Alternatives Considered
Option A: Continue manual courier workflow
- Pros: zero infrastructure cost; fully under founder control.
- Cons: slow, error-prone, no audit trail, inconsistent (founder may skip LLMs). Doesn’t scale as pipeline matures.
Option B: Rely on single LLM (Claude) for all strategic questions
- Pros: simplest; cheapest; no new integrations.
- Cons: single-model bias risk; reduces validation; violates spirit of Constitution Law 7 (Verify). A single model’s blind spot becomes a systemic blind spot.
Option C: Ensemble voting (majority wins)
- Pros: simple aggregation; no arbiter cost.
- Cons: epistemically weak. Averaging or majority-voting LLM outputs loses the signal — minority view may be correct, and reasoning quality matters more than vote count.
Option D: Use external service (e.g., Consensus, LMSYS)
- Pros: no build cost.
- Cons: external dependency; per-call cost; lack of customization for Synth Nova integration points (CEO/Director/Judge pipeline hooks); audit trail lives outside our observability stack.
Option E: Structured deliberation with arbitrated synthesis ← chosen
- Pros: preserves verbatim panelist responses (audit trail); arbiter evaluates evidence quality, not vote count; honest-uncertainty outcomes allowed; integrates with M1/M2 pipelines; human-gated per Law 5.

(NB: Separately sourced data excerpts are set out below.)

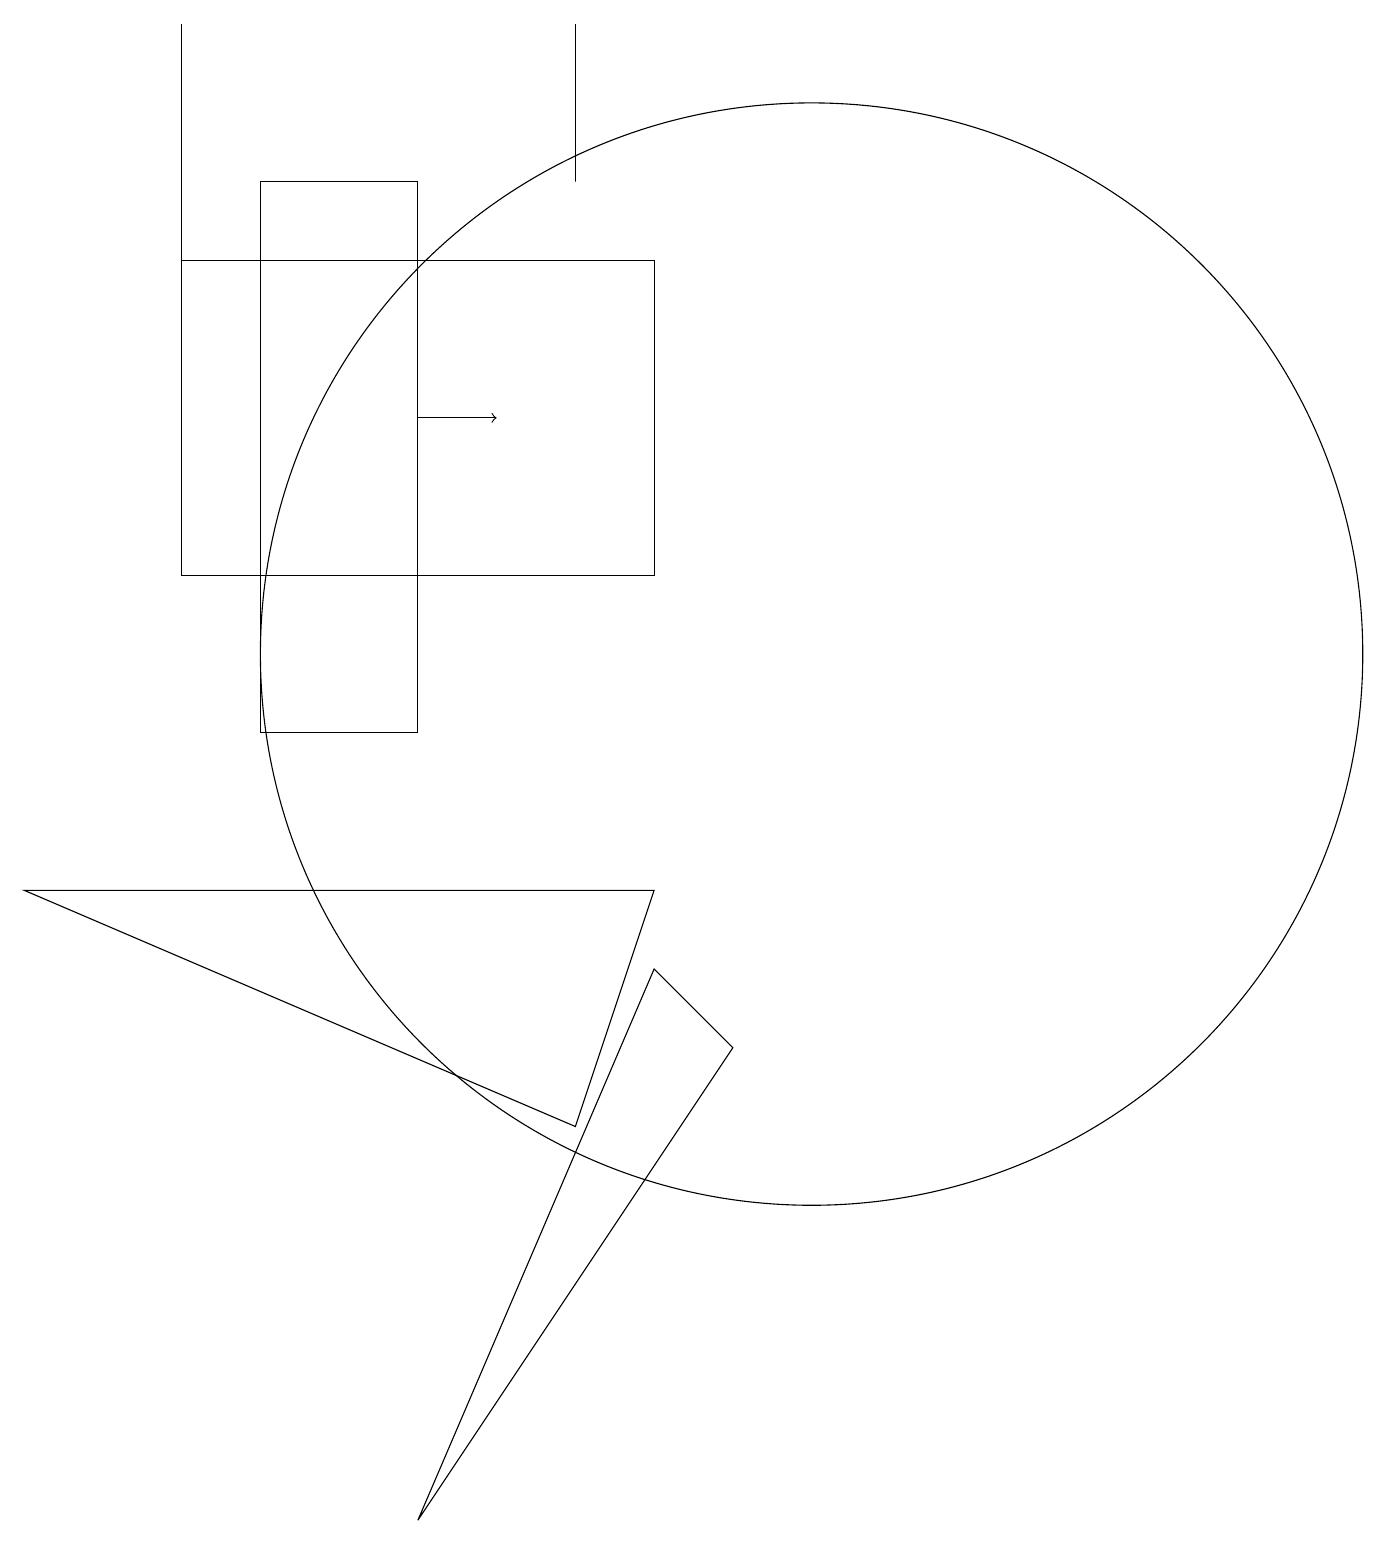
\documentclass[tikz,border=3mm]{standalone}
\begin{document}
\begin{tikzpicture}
\draw (2,19) rectangle (2,16);
\draw (7,5) -- (0,8) -- (8,8) -- cycle;
\draw (9,6) -- (5,0) -- (8,7) -- cycle;
\draw (10,11) circle (7);
\draw[->] (5,14) -- (6,14);
\draw (7,19) rectangle (7,17);
\draw (8,12) rectangle (2,16);
\draw (3,17) rectangle (5,10);
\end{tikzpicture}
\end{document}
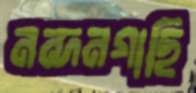
নন্দনগাছি
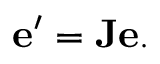
\mathbf { e ^ { \prime } } = \mathbf { J } \mathbf { e } .
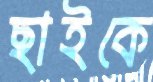
ছাইকে
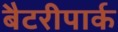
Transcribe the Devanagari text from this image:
बैटरीपार्क
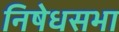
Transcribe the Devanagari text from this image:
निषेधसभा
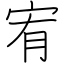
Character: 宥
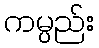
ကမ္ပည်း
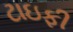
ટાઇફી
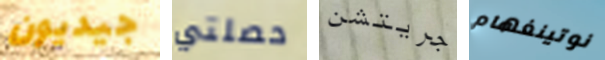
جيديون حصلتي جريتشن نوتينغهام
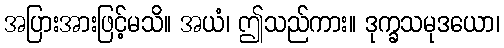
အပြားအားဖြင့်မသိ။ အယံ၊ ဤသည်ကား။ ဒုက္ခသမုဒယော၊
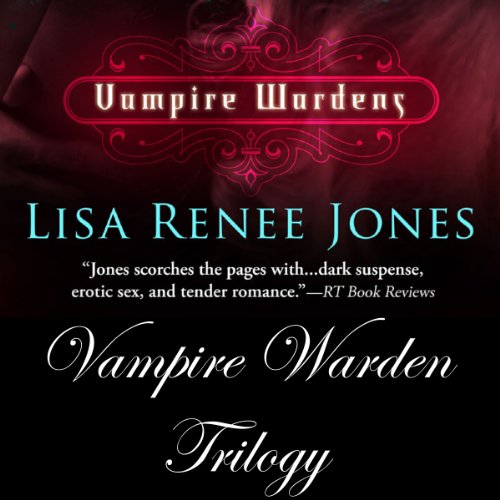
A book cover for The Vampire Wardens: The Collection; Lisa Renee Jones; Romance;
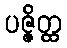
ပဇ္ဇိတ္ထ
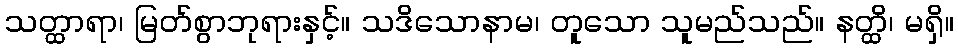
သတ္ထာရာ၊ မြတ်စွာဘုရားနှင့်။ သဒိသောနာမ၊ တူသော သူမည်သည်။ နတ္ထိ၊ မရှိ။
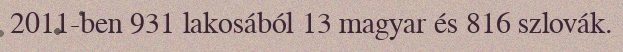
2011-ben 931 lakosából 13 magyar és 816 szlovák.
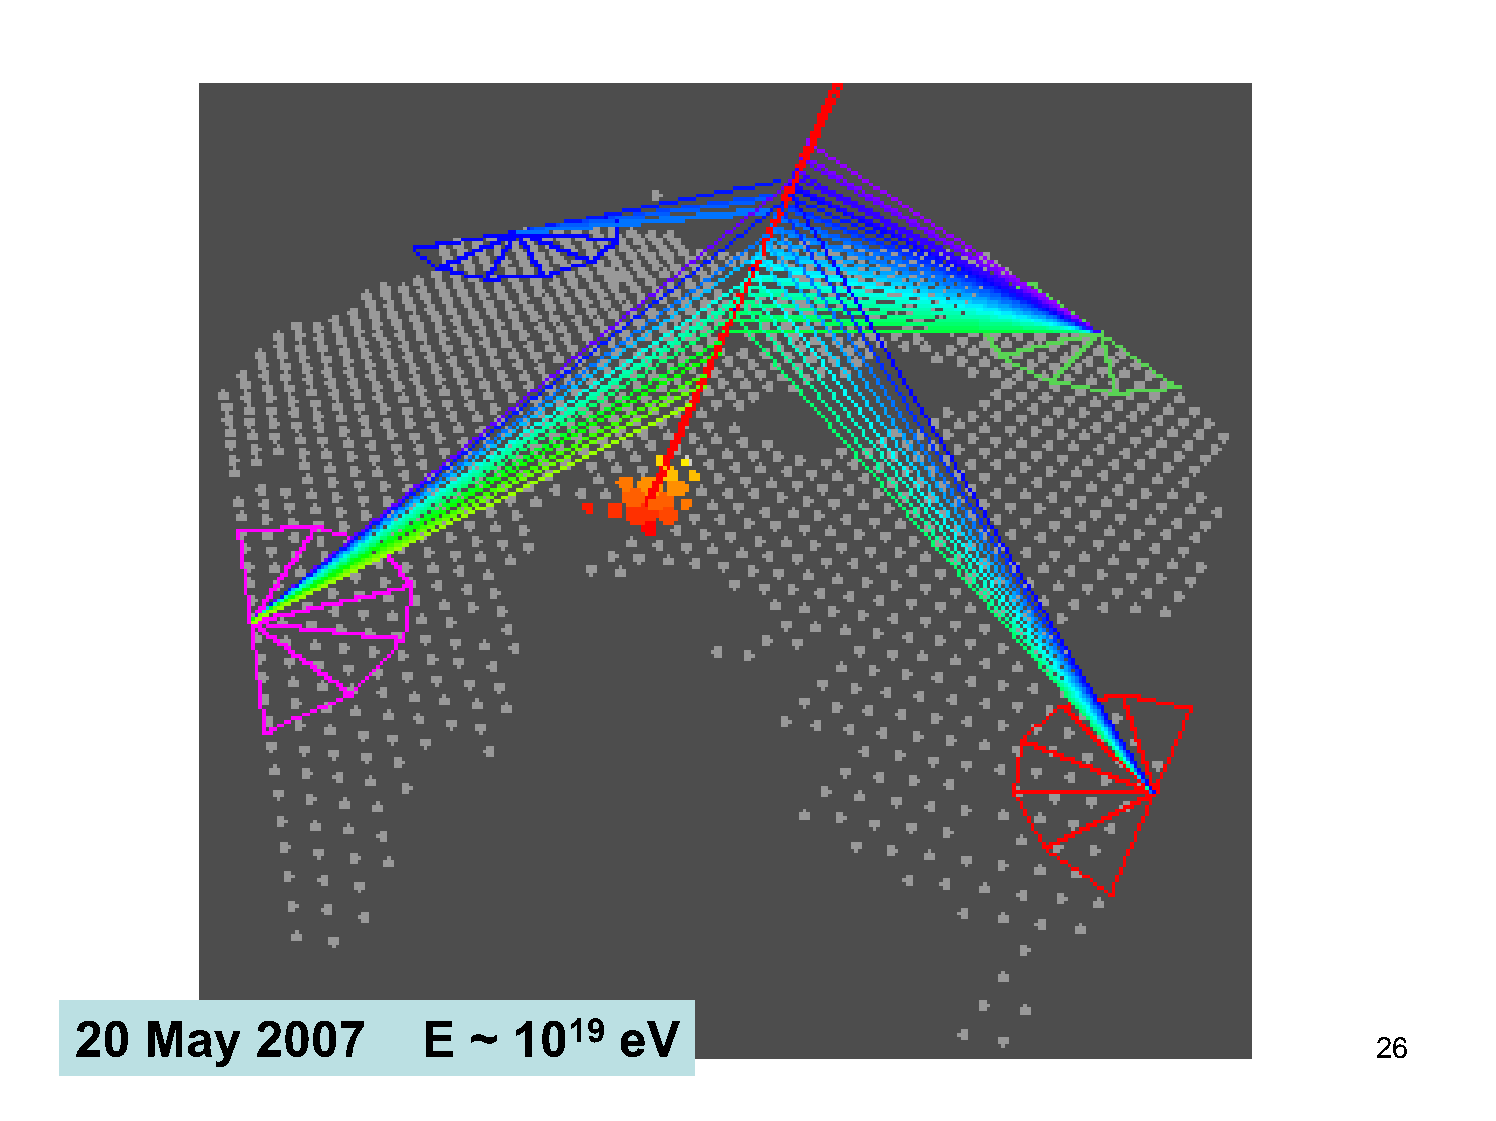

- Cons: 3-5x cost vs single LLM; arbiter conflict-of-interest (Claude-as-both-panelist-and-arbiter) requires explicit mitigation; additional API account setup (OpenAI, Google).
- Why chosen: directly replaces manual courier work, operationalizes Law 7 for strategic decisions, and establishes an auditable multi-model consultation primitive that M1 and M2 can invoke.
Consequences
Positive:
- New strategic asset in manifest:
07-Roadmap/Deliberation-Chamber-Module.md. - New operational policy:
05-Rules/MultiLLMDeliberationPolicy.md. - Multi-source validation primitive available to M1 (Research confidence < threshold, Financial Modeler contradictions, Judge FAIL) and M2 (ambiguous team-fit signals).
- Audit trail per Law 6: verbatim panelist responses, arbiter reasoning, founder’s subsequent action all preserved.
- Potential evolution path: M3 can become external product feature (v2+) if internal use demonstrates value.
Negative / Trade-offs:
- New infrastructure: adapters for GPT-4 (OpenAI API) and Gemini (Google API) — new API keys, new cost tracking, new failure modes.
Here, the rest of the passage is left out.